Work to complete:
Copy out every record below exactly as written, but leave out any pictures.
──────── Excerpted records ────────
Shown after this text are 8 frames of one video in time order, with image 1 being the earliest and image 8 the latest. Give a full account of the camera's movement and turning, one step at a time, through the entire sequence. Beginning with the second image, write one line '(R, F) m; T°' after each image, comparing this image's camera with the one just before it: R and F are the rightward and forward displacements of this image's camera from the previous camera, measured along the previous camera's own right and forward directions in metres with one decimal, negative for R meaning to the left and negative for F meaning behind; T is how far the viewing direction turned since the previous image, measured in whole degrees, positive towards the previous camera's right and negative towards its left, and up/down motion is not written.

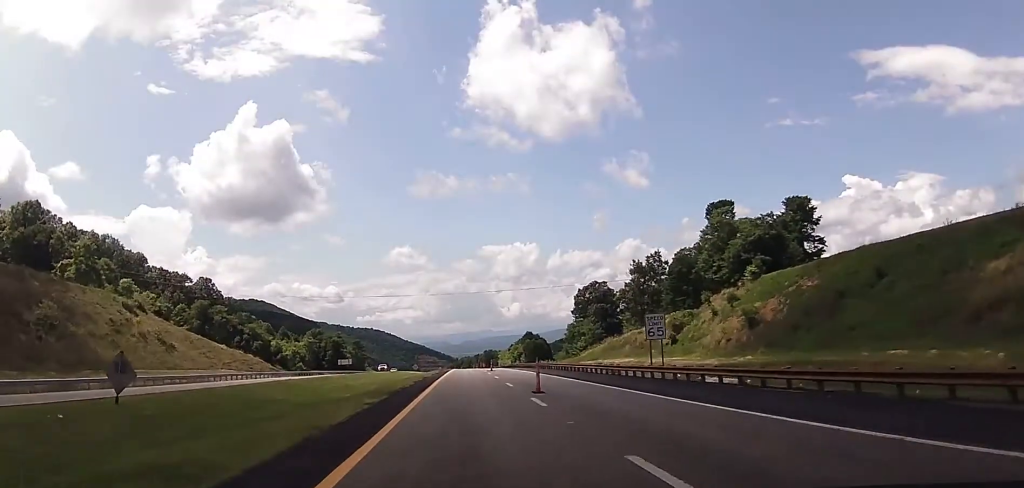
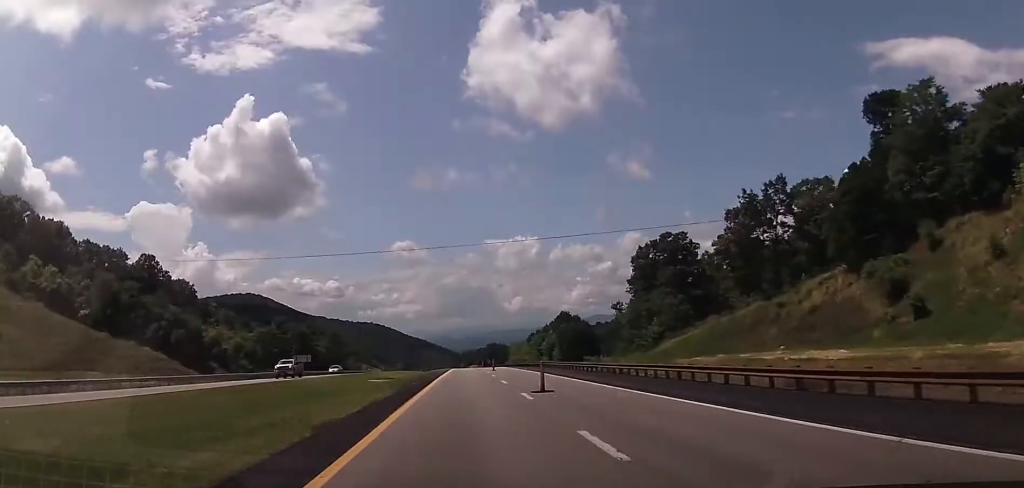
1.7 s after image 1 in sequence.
(+0.4, +46.1) m; 0°
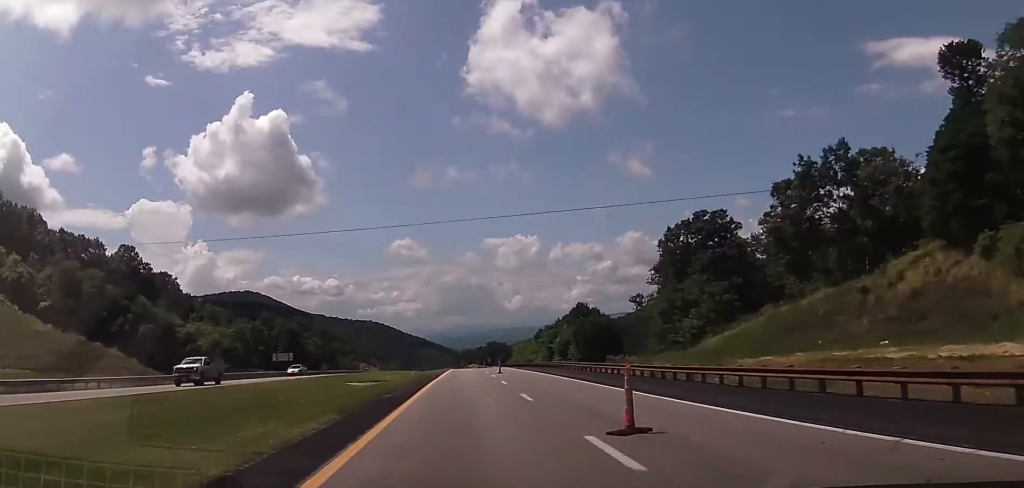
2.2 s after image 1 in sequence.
(0.0, +12.8) m; 0°
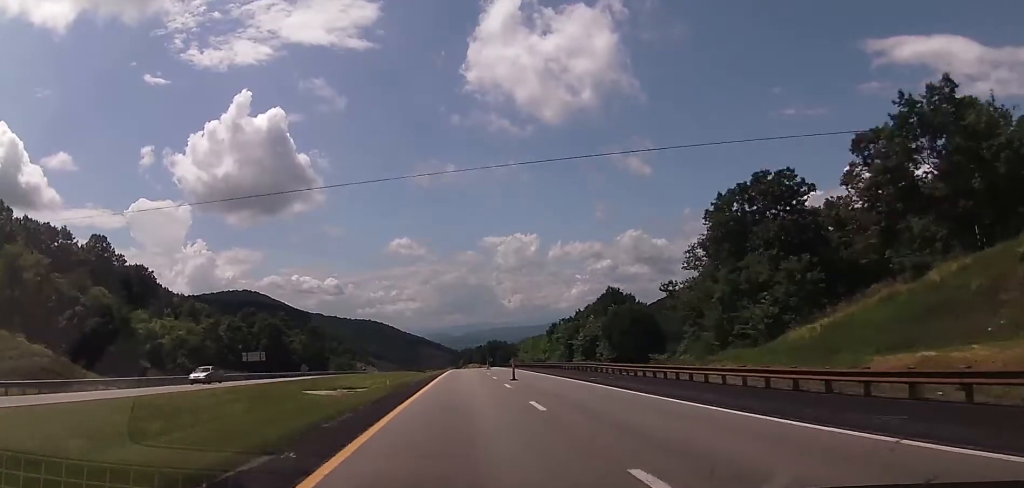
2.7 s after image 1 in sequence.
(+0.1, +15.6) m; -1°
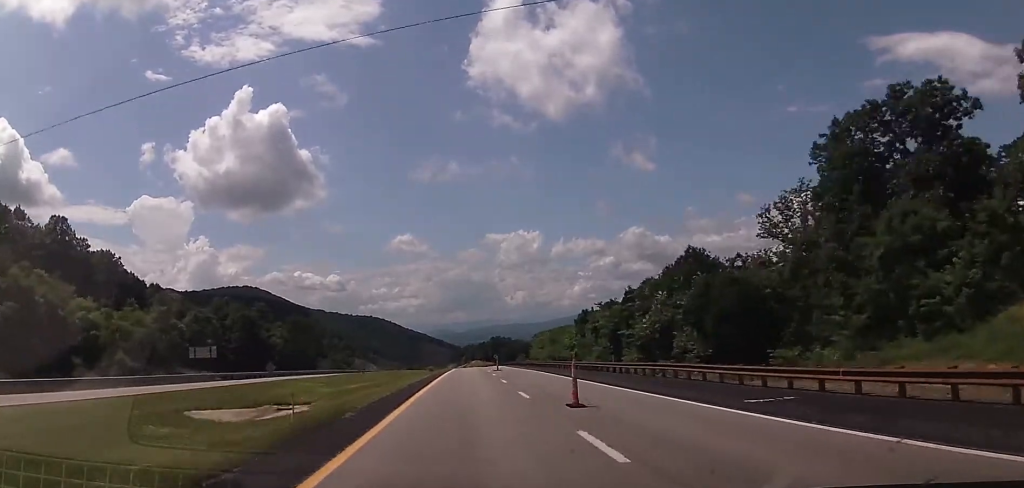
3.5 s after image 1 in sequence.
(-0.2, +20.3) m; 0°
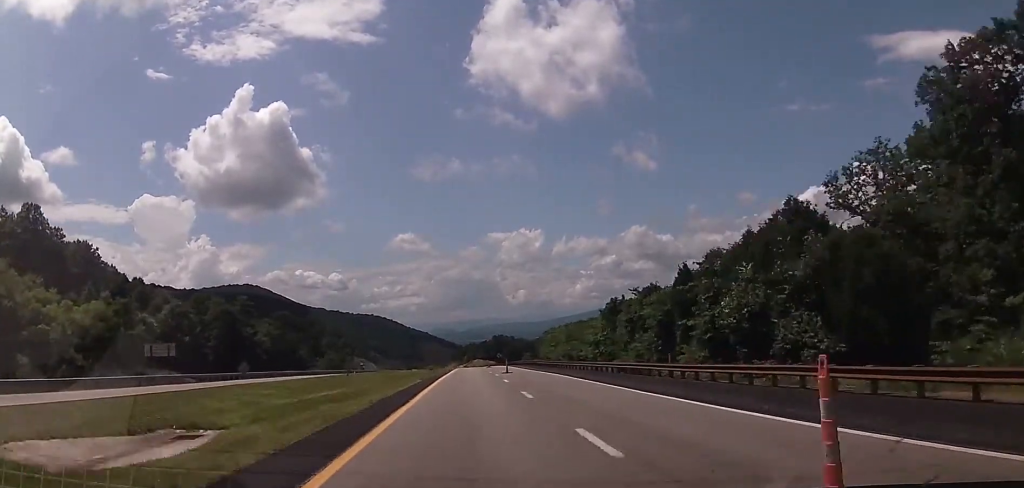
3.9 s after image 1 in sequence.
(-0.2, +12.0) m; 0°
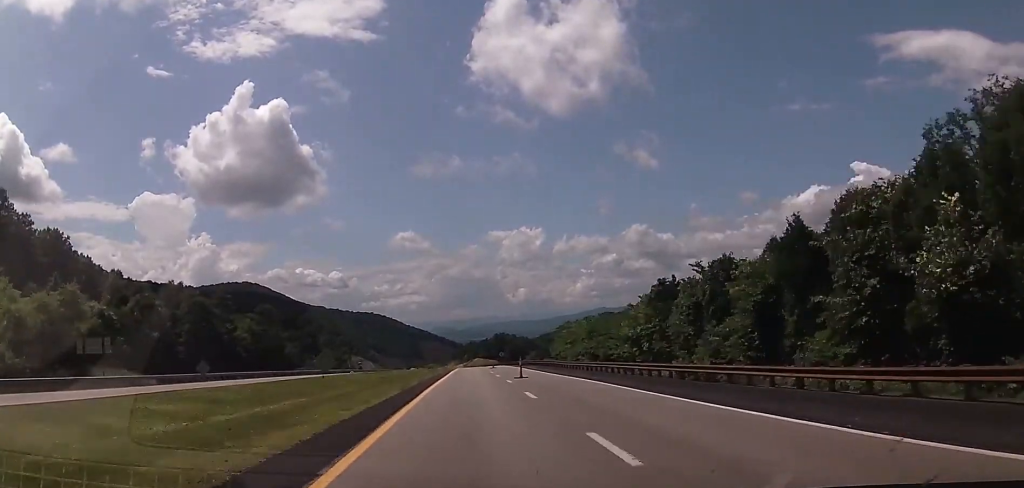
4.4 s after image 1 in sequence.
(+0.2, +13.0) m; 0°
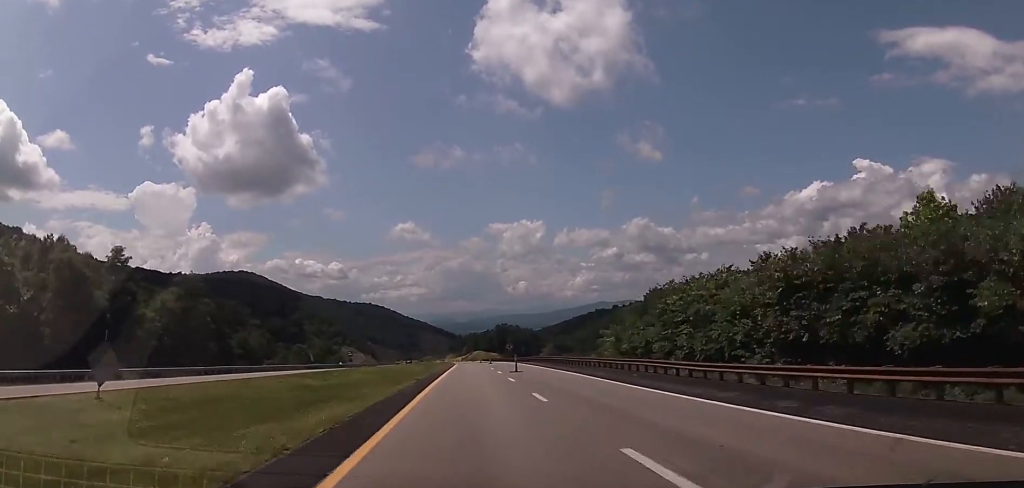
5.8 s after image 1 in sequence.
(+0.4, +38.8) m; -1°
────────
Result of the exercise:
Shown after this text are 8 frames of one video in time order, with image 1 being the earliest and image 8 the latest. Give a full account of the camera's movement and turning, one step at a time, through the entire sequence. Beginning with the second image, write one line '(R, F) m; T°' after each image, comparing this image's camera with the one just before it: R and F are the rightward and forward displacements of this image's camera from the previous camera, measured along the previous camera's own right and forward directions in metres with one decimal, negative for R meaning to the left and negative for F meaning behind; T is how far the viewing direction turned since the previous image, measured in whole degrees, positive towards the previous camera's right and negative towards its left, and up/down motion is not written.

1.7 s after image 1 in sequence.
(+0.4, +46.1) m; 0°
2.2 s after image 1 in sequence.
(0.0, +12.8) m; 0°
2.7 s after image 1 in sequence.
(+0.1, +15.6) m; -1°
3.5 s after image 1 in sequence.
(-0.2, +20.3) m; 0°
3.9 s after image 1 in sequence.
(-0.2, +12.0) m; 0°
4.4 s after image 1 in sequence.
(+0.2, +13.0) m; 0°
5.8 s after image 1 in sequence.
(+0.4, +38.8) m; -1°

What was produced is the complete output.